Чача вернулся из Индии, но последние годы мы с ним никак не общаемся. Я так и не понял до конца, почему (дружба ведь еще сложнее, чем любовь), но уже давно ни к кому не пристаю с важными вопросами о личном.
Андрюня по–прежнему военный; на его погонах появляется все больше звезд, и они все крупнее. Эммочка рано родила и уже вырастила двух дочерей. Ленка уехала с мужем в Америку; вроде не насовсем. Я все жду, что она как‑нибудь приедет, позвонит и соберет нас всех как в те времена, когда мы вместе гнули лучки для моих будущих жаворонков.
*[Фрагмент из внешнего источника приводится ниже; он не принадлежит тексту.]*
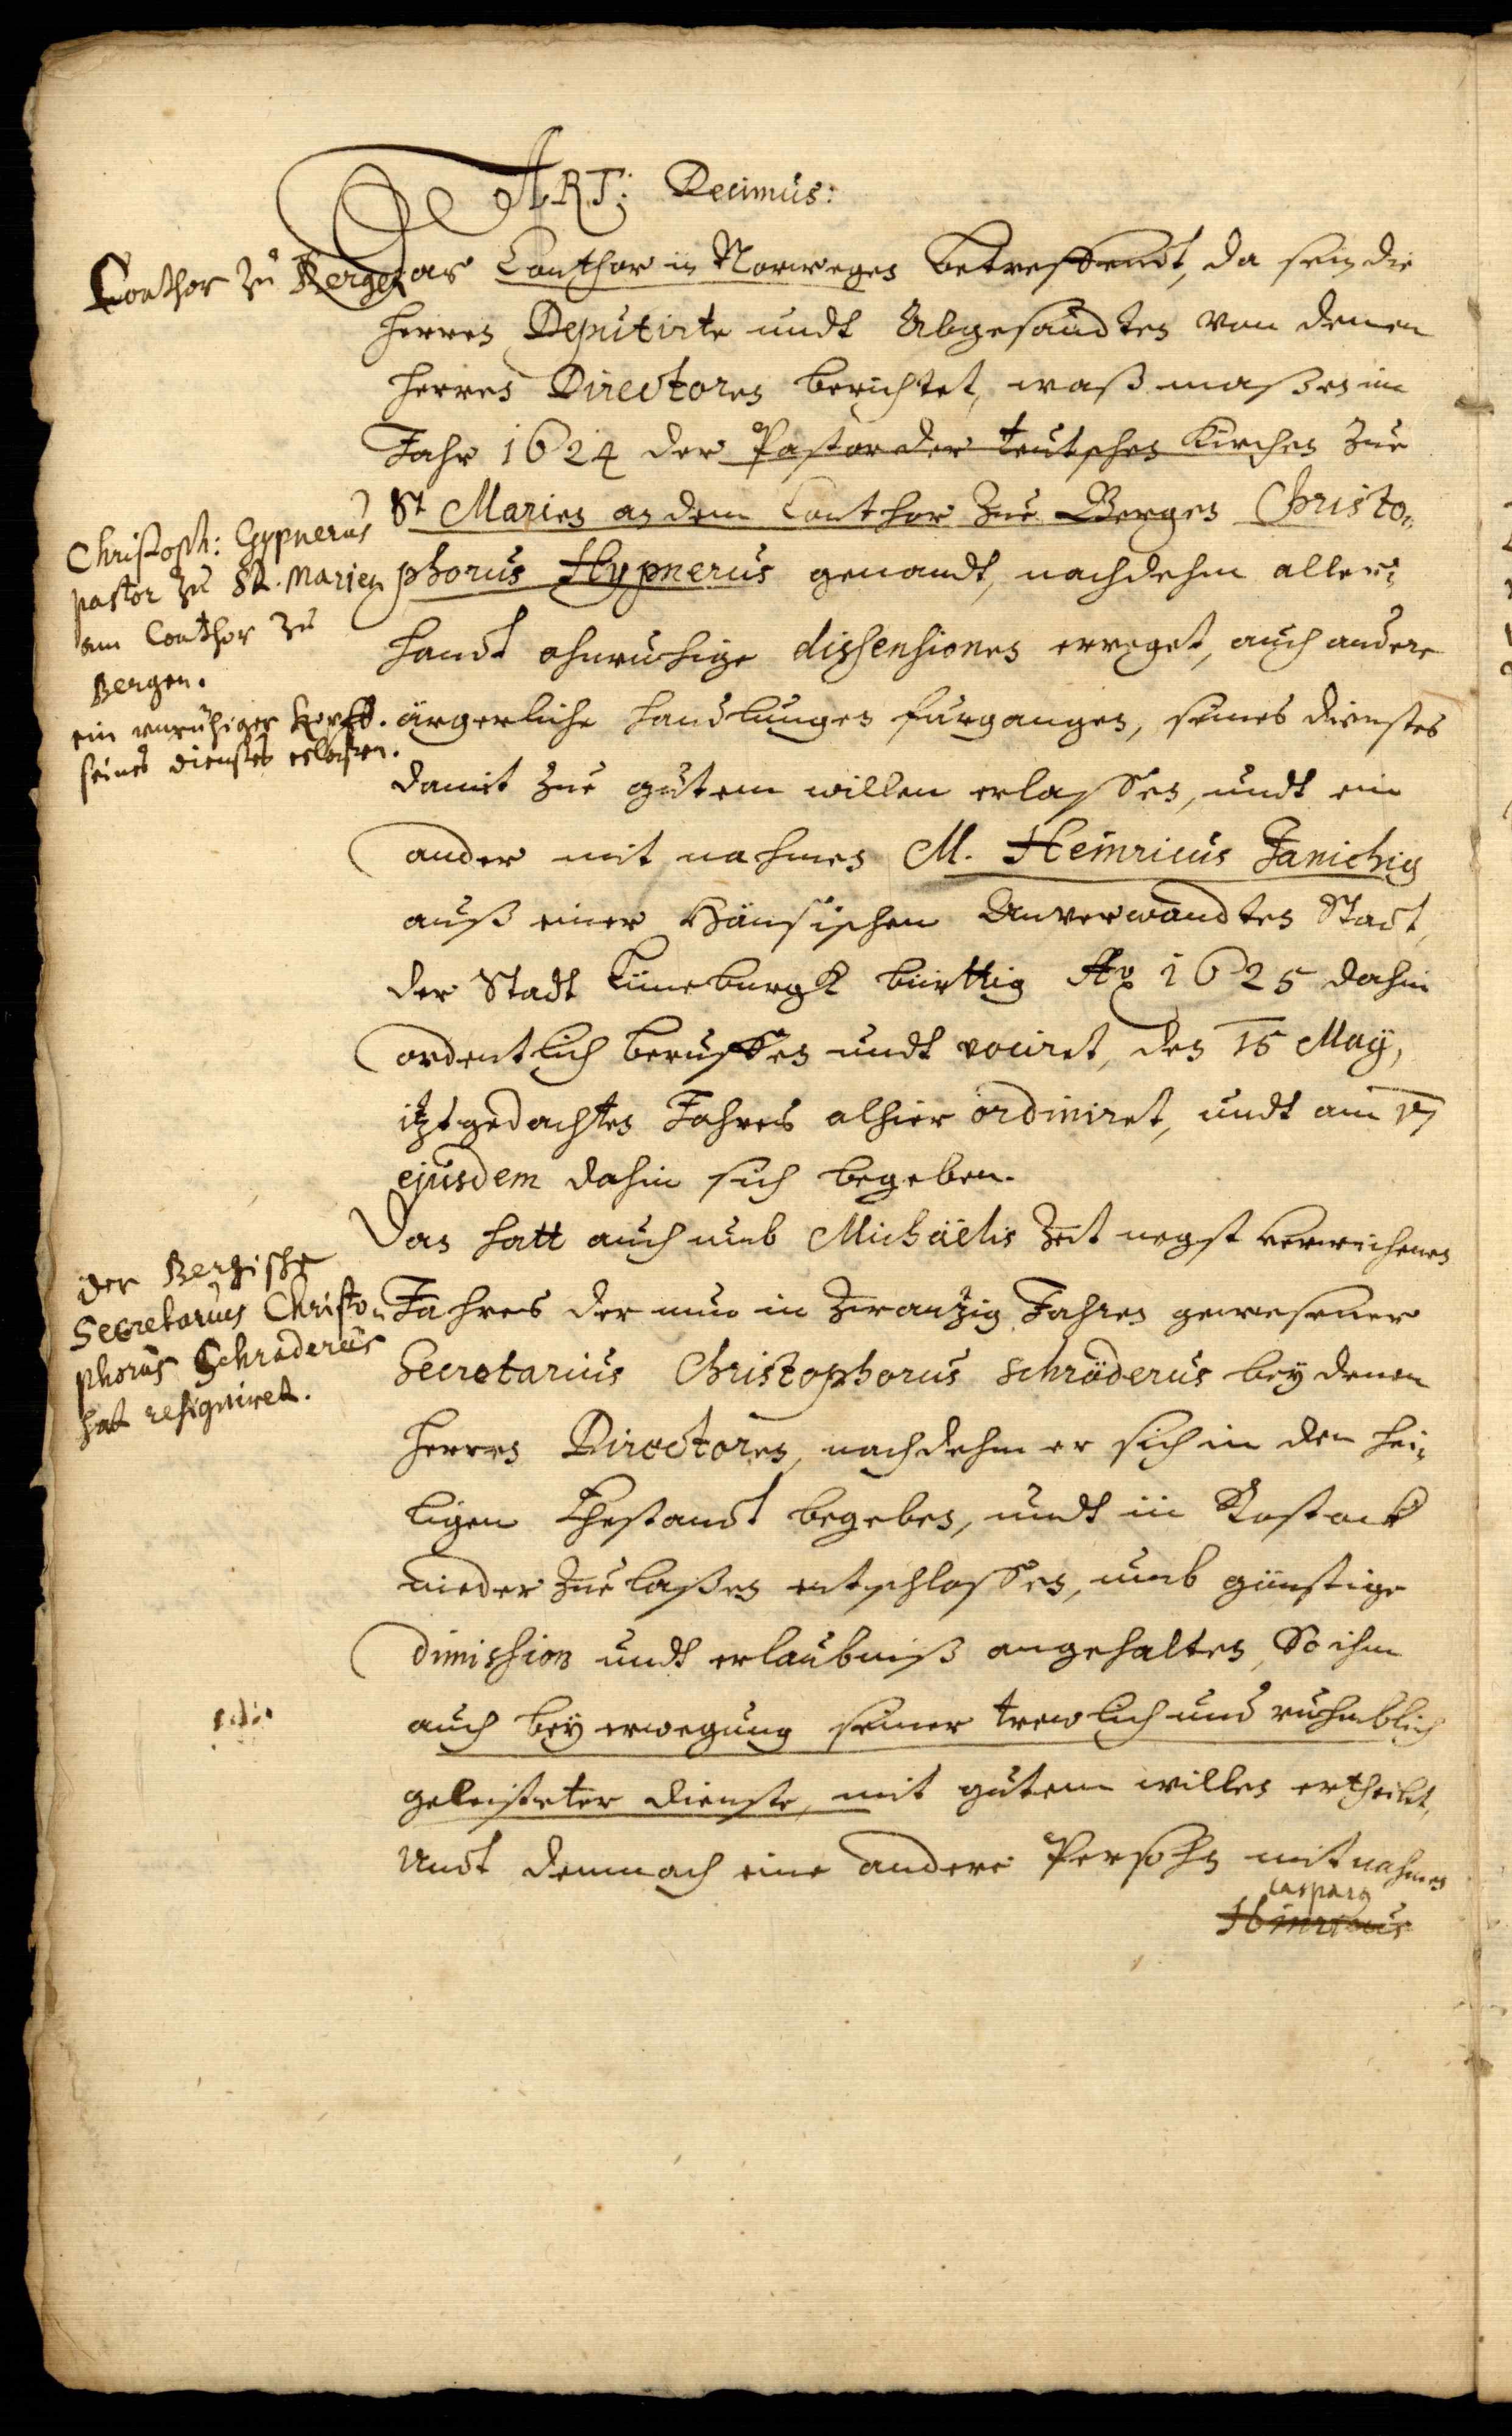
Conthor Zu Bergen
Christoph: Hypnerus
pastor Zu St. Marien
am Conthor zu
Bergen.
ein vnguhiger kerff.
seines dienstes erlaßen.
Art: Decimus:
Das Conthor in Norwegen betreffendt, da sein die
herren Deputirte undt Abgesandten von denen
herren Directoren berichtet, waß maßen im
Jahr 1624 der Pastor der teutschen Kirchen zue
St. Marien an dem Canthor zue Bergen Christo¬
phorus Hypnerus genandt, nachdehm aller¬
handt ohnruhige dissensionen erreget, auch andere
ärgerliche handlungen furgangen, seines dienstes
damit zue gutem willen erlassen, undt ein
ander mit nahmen M. Heinricus Ianichig
auß einer Hänsischen Anverwandten Stadt,
der Stadt Lüneburgk bürttig Ao 1625 dahin
ordentlich beruffen undt vociret, den 15 Maij
izt gedachten Jahres alhier ordiniret, undt am 17
ejusdem dahin sich begeben.
der Bergische
Secretarius Christo¬
phorus Schraderus
hat resigniret
Dan hatt auch umb Michaelis Zeit negst verwichenen
Iahres der nun in zwanzig Jahren gewesener
Secratarius Christophorus Schröderus beij denen
herren Directoren, nachdehm er sich in den hei¬
ligen Ehestandt begeben, undt in Rostock
nieder zue laßen entschlossen, umb günstige
dimission undt erlaubniß angehalten, so ihm
auch beij erwegung seiner trewlich und ruehmblich
geleisteter dienste, mit gutem willen ertheilet,
undt demnach eine andere Persohn mit nahmen
Casparen
Hinricus

Впрочем, сейчас нам по сорок с чем‑то, встретиться как в былые двадцать мы уже не сможем, а чтобы встретиться вновь, мы еще недостаточно повзрослели, еще не готовы…
Маркыч программировал–программировал, а потом вдруг стал «новым русским», продолжая при этом, как и раньше, пялиться в компьютер день и ночь. На своем немыслимом японском дизеле он подвозит знакомым деревенским мужикам мешки с картошкой и вытаскивает дачникам из грязи намертво засевшие «Волги» и «Жигули».
Володин все так же занимается хищными птицами и продолжает мотаться по всему свету; после Афганистана мы с ним общаемся постоянно. Ханум вся в заботах: растит смешного замечательного сына, похожего на Гурвинка.
Стас живет в Москве. Мы периодически водимся, пьем пиво, медленно обсуждаем новости или молчим про разное. Став популярным преподавателем–экологом, Стасик уже сам воспитал в экспедициях несколько поколений юннатов, и от него они тоже знают про ястребиного орла. Многие из них сейчас уже студенты на нашей кафедре, где до них учился Стас, а до него учился я. Кровожадно–смешливая акула все так же стоит на шкафу в нашей зоологической аудитории на том же самом месте.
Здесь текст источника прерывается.